MEE Staff
Middle East Eye / July 7, 2020
Tel Aviv court rejects an appeal by Jaffa’s Islamic Council to halt construction of a homeless shelter on grounds of Al-Isaaf Muslim cemetery.
A Tel Aviv court has rejected an appeal by Jaffa’s Islamic Council to stop the city from building a homeless shelter on the site of an 18th-century Muslim cemetery.
Judge Limor Bibi from the Tel Aviv district court revoked a restraining order on Tuesday that had stopped the city from building the shelter and ordered the Islamic Council to pay $2,200 in legal fees.
The Jaffa Islamic Council had filed a legal case claiming that the Tel Aviv municipality – which has jurisdiction over Jaffa – did not have a valid permit to build over the 200-year-old Al-Isaaf cemetery.
Last month an Israeli court ruled that the construction of the homeless shelter would be halted until a hearing on 22 July after weeks of protests during which Israeli forces beat Palestinian citizens who accused the municipality of erasing its heritage.
But the hearing was moved up to Sunday after the Tel Aviv municipality claimed a delay caused by the Islamic Council’s appeal had negatively impacted the municipality’s finances.
Tarek Ashkar, director of the Islamic Council, dismissed the Tel Aviv court’s ruling and said it was “legal acrobatics” and an example of how it was discriminatory towards Palestinians.
“They could have said the permit was valid, but they didn’t say that,” Askar told Haaretz, who added that the city provided no further documentation for its claims.
“The system is tipping the scales for the benefit of Tel Aviv’s municipality.”
Tel Aviv’s Mayor Ron Huldai welcomed the decision and said the “court decision proves that the city has worked and continues to work with sensitivity and according to the law”.
Al-Isaaf cemetery, which lies just north of the walls of Old Jaffa near the Hassan Bek Mosque, was built almost 200 years ago.
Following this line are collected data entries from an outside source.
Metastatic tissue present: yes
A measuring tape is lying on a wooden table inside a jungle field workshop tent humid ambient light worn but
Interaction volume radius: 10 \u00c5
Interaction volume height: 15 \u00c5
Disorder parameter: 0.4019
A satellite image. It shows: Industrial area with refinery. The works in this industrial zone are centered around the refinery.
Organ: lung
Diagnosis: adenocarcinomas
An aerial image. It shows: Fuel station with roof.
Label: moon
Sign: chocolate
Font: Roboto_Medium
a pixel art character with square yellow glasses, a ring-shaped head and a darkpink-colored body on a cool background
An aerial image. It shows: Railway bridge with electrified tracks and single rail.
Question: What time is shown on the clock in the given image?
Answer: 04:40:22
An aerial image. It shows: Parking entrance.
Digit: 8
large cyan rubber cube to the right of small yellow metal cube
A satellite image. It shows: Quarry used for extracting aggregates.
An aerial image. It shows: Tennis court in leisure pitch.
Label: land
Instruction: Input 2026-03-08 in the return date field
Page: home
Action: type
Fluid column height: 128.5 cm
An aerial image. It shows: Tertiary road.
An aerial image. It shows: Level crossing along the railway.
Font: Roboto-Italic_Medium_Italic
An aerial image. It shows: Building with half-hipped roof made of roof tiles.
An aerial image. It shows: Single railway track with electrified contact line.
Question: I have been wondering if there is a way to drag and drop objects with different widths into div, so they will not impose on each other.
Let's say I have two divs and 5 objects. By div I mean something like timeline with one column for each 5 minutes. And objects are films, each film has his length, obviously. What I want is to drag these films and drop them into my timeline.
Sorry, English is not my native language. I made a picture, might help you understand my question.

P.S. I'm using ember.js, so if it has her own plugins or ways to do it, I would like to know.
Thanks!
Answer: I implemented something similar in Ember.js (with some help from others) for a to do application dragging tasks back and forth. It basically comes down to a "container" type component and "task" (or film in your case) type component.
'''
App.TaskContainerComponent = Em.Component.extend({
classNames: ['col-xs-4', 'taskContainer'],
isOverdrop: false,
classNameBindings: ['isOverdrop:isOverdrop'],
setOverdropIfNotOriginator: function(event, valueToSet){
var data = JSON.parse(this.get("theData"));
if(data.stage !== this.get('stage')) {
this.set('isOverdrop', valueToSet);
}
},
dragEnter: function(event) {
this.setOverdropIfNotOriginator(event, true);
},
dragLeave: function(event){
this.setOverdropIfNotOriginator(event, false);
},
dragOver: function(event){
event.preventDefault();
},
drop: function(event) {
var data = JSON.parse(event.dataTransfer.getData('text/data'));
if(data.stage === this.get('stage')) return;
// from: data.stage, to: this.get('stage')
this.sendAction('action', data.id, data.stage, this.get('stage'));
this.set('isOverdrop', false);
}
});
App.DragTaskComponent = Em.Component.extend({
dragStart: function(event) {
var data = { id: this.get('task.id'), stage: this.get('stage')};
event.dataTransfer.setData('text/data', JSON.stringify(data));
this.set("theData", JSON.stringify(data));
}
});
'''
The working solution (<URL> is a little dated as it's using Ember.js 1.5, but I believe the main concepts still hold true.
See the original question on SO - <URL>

Despite not being in active use for nearly 90 years, the cemetery holds hundreds of Palestinian tombs.
Jaffa was once an epicentre of the Palestinian economy, with some 120,000 people living in and around the flourishing city on the Mediterranean Sea in 1948.
Almost 95 percent of the Palestinian population of Jaffa and its surrounding villages were expelled by Zionist militias during the Nakba, or the catastrophe, that year.
Over the decades, Jaffa’s historic neighbourhoods were progressively demolished and the city shrank into a small town that was then absorbed by the municipality of Tel Aviv.